蔡健雅在一首没有很好听的歌《Friends》里唱:
“How did we get to this?
Why did we end this way?”
歌里唱的情感只是退而求其次的友情,和小罐说的不一样。
当然,也不是指那种在职场上培养出来的友情,工作关系根本就不是萌芽友情的土壤,这是小罐花了很久才不得已承认的事实。所以小罐不会提那件和某人共事好几年,在很长一段时间里关系亲密至极,然后一夜无缘故变成陌生人的事。
小罐想说的,是那些:过去,曾经,很好的朋友。
其实小罐是个不喜欢太热闹的人,不喜欢一大群人呼来喝去的玩,所以几乎不会参与到超过三人以上的友谊团体。
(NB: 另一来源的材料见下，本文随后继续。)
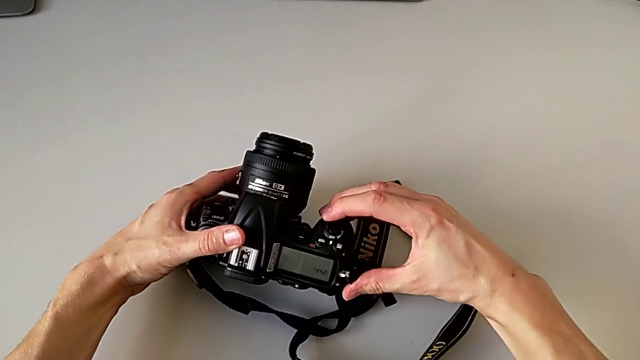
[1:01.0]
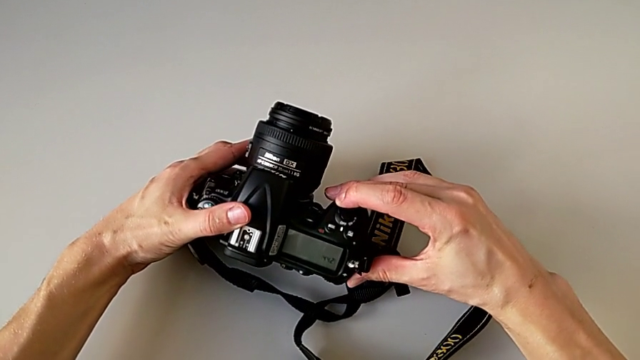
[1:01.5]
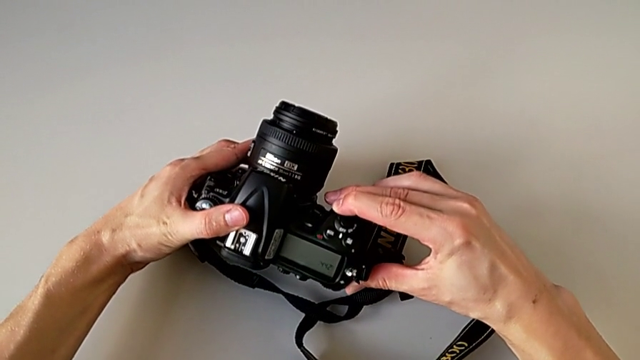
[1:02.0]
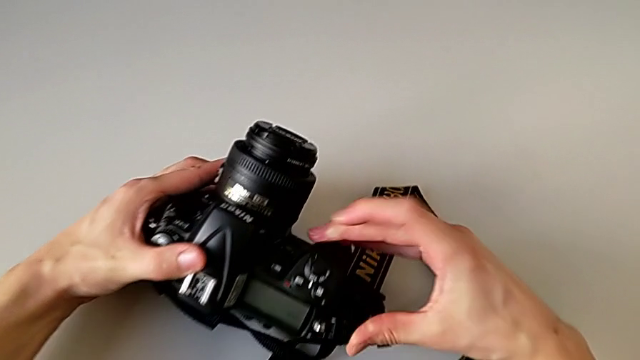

小罐有时候话很密,有时候又不说话,嗨起来像个疯子,没心情的时候严肃无比,这样的性格,就是有时候就想一个人不说话还讨厌别人问怎么了,有时候又无比迫切需要一个耳朵听自己说话。
高一的时候,有一个女生,和小罐气场相投。
在不知道友情的最佳外在表现是什么的年纪里,想表达喜欢某人和某人关系好的唯一方法似乎就是做什么都要在一起。
一起上学放学、一起买零食、一起上厕所、一起分享秘密、一起倒挂在单杠上看男生踢足球、一起去租书店里租小说……可以一整天呆在一起不说话,也可以一直叽叽喳喳疯笑疯闹。
以为会那么一直好下去,难得默契的友情理应固若金汤。
然而这种亲密只维持了不到一年,文理分科后两人被分到不同的班,两个班对门,从小罐的座位上,能看到对面班第二排的那个女生。
从分班后上学的第一天起,两人就再也没有说过话。
现在想想,应该没有什么明确的原因,因为当年小罐也苦思冥想过,为什么关系会突然如急冻一样的冷却,一起都突然的找不到原因,不说话的时候小罐手里还有那个女生的几本书、几张流行歌曲专辑。
就是不说话了,在开始的几天还略有尴尬,远远看到会下意识避开,但很快连尴尬都没有了。
之后得知她的消息,是在高考的红榜上看到她的名字,于是在第三个夏末的某一天,小罐坐上北行火车时,对着窗外想过那个她是不是正在南下的火车上想起小罐。
在之后的很多年里,都没有任何关于此人的消息,小罐想,以后应该也都不会再有。
这个人,连带着曾经的情感、秘密、和以为会一直好下去的念头,
就在多年前一个没什么不同的早晨,一并被淹没了。
被淹没的,不止上面这一个故事,从有记忆时到现在的各个人生阶段中,好像都有这样的人,不同程度的存在过,然后像被施了魔法一样退回原点。
亲密过,然后,没有然后。
如果不是今早找东西无意翻出旧照片,看到那张唯一的合照,这些事也不会被想起。